▼

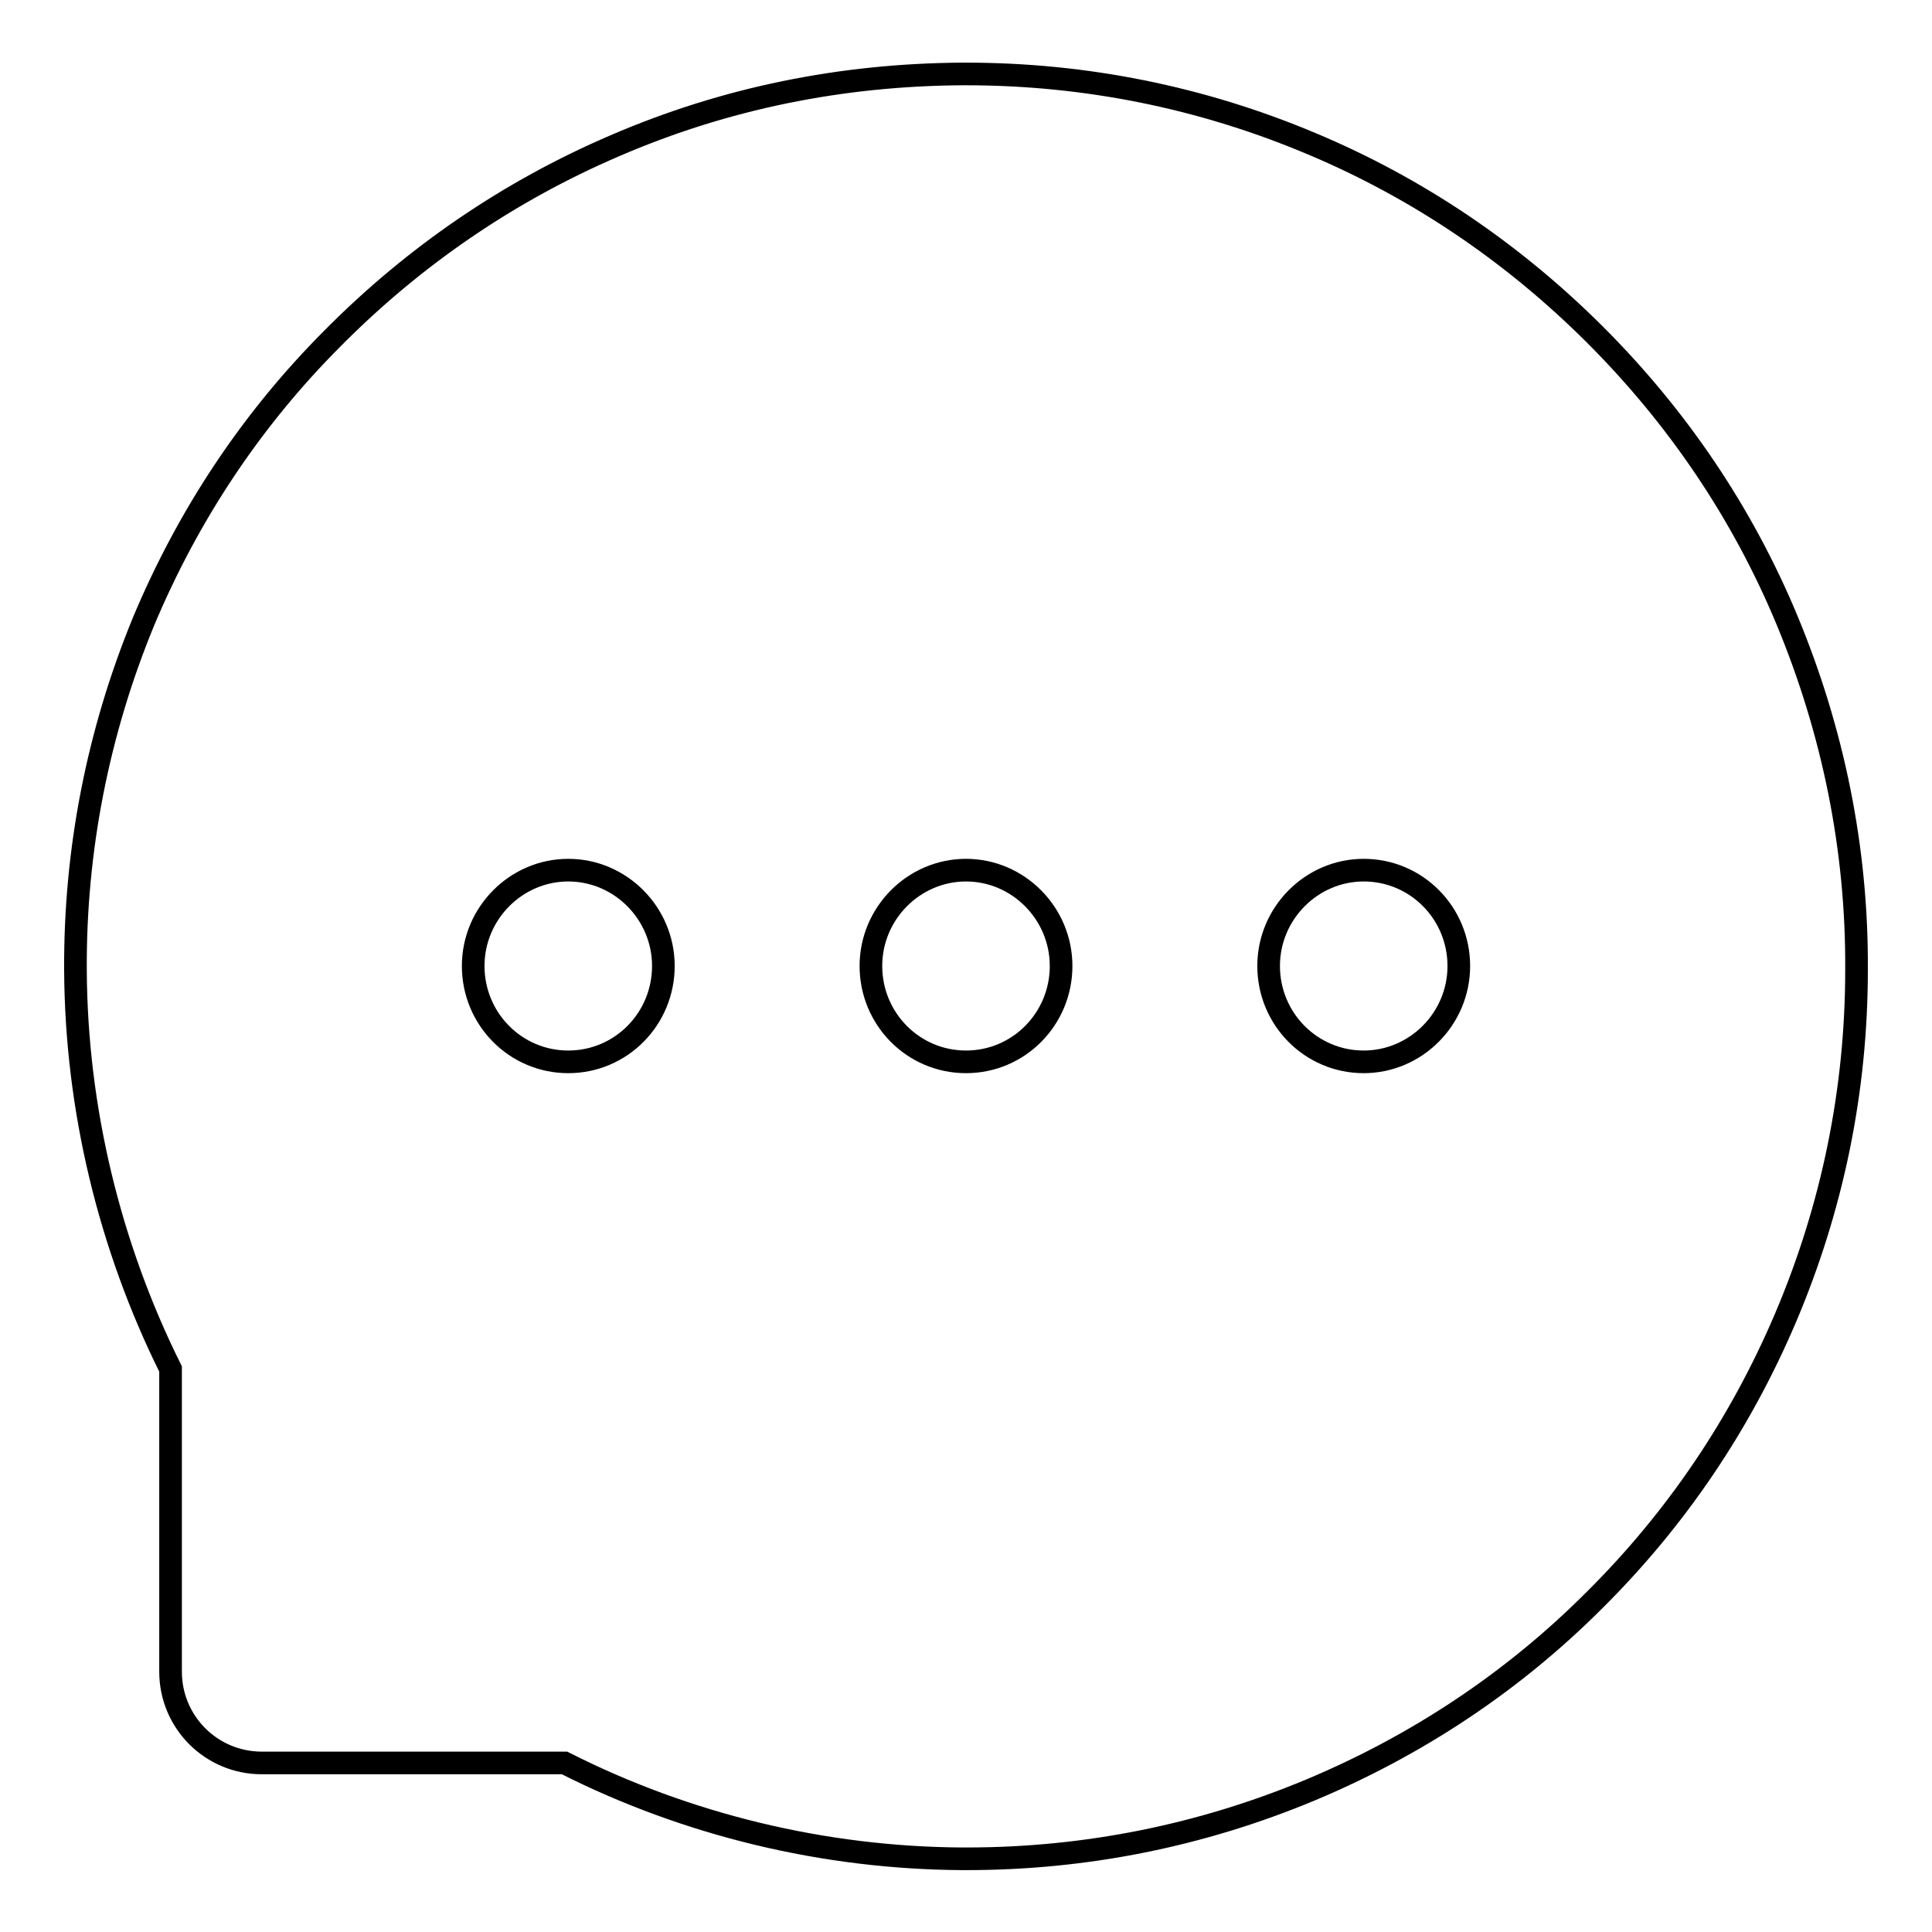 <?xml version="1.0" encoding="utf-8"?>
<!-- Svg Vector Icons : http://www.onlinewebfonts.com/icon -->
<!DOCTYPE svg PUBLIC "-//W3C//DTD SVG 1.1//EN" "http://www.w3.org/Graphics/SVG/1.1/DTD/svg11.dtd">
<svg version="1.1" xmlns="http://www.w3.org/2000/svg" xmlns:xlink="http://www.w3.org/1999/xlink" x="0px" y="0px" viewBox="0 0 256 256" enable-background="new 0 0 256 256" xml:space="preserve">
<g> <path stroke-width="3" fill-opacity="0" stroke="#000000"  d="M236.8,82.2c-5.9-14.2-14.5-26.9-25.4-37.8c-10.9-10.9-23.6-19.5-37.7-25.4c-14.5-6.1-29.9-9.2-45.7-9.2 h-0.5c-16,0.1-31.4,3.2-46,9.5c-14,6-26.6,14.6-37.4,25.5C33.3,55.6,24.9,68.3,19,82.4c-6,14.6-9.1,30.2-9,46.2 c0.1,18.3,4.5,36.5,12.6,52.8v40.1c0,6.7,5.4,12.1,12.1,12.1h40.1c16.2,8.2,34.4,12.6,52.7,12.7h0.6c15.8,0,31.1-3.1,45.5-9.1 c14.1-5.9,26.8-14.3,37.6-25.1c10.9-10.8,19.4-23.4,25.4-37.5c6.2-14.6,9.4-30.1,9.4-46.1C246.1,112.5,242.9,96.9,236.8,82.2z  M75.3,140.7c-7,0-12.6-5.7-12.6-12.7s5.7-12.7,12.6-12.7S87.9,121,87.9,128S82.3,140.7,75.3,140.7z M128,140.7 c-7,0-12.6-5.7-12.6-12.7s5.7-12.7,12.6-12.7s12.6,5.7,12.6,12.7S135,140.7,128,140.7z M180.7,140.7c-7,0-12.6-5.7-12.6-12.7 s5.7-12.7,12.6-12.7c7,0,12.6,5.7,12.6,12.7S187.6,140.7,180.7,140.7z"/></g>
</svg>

▲

* What you are asked to do
Print all the material above exactly, and drop the images.

* Problem solution
 <?xml version="1.0" encoding="utf-8"?>
<!-- Svg Vector Icons : http://www.onlinewebfonts.com/icon -->
<!DOCTYPE svg PUBLIC "-//W3C//DTD SVG 1.1//EN" "http://www.w3.org/Graphics/SVG/1.1/DTD/svg11.dtd">
<svg version="1.1" xmlns="http://www.w3.org/2000/svg" xmlns:xlink="http://www.w3.org/1999/xlink" x="0px" y="0px" viewBox="0 0 256 256" enable-background="new 0 0 256 256" xml:space="preserve">
<g> <path stroke-width="3" fill-opacity="0" stroke="#000000"  d="M236.8,82.2c-5.9-14.2-14.5-26.9-25.4-37.8c-10.9-10.9-23.6-19.5-37.7-25.4c-14.5-6.1-29.9-9.2-45.7-9.2 h-0.5c-16,0.1-31.4,3.2-46,9.5c-14,6-26.6,14.6-37.4,25.5C33.3,55.6,24.9,68.3,19,82.4c-6,14.6-9.1,30.2-9,46.2 c0.1,18.3,4.5,36.5,12.6,52.8v40.1c0,6.7,5.4,12.1,12.1,12.1h40.1c16.2,8.2,34.4,12.6,52.7,12.7h0.6c15.8,0,31.1-3.1,45.5-9.1 c14.1-5.9,26.8-14.3,37.6-25.1c10.9-10.8,19.4-23.4,25.4-37.5c6.2-14.6,9.4-30.1,9.4-46.1C246.1,112.5,242.9,96.9,236.8,82.2z  M75.3,140.7c-7,0-12.6-5.7-12.6-12.7s5.7-12.7,12.6-12.7S87.9,121,87.9,128S82.3,140.7,75.3,140.7z M128,140.7 c-7,0-12.6-5.7-12.6-12.7s5.7-12.7,12.6-12.7s12.6,5.7,12.6,12.7S135,140.7,128,140.7z M180.7,140.7c-7,0-12.6-5.7-12.6-12.7 s5.7-12.7,12.6-12.7c7,0,12.6,5.7,12.6,12.7S187.6,140.7,180.7,140.7z"/></g>
</svg>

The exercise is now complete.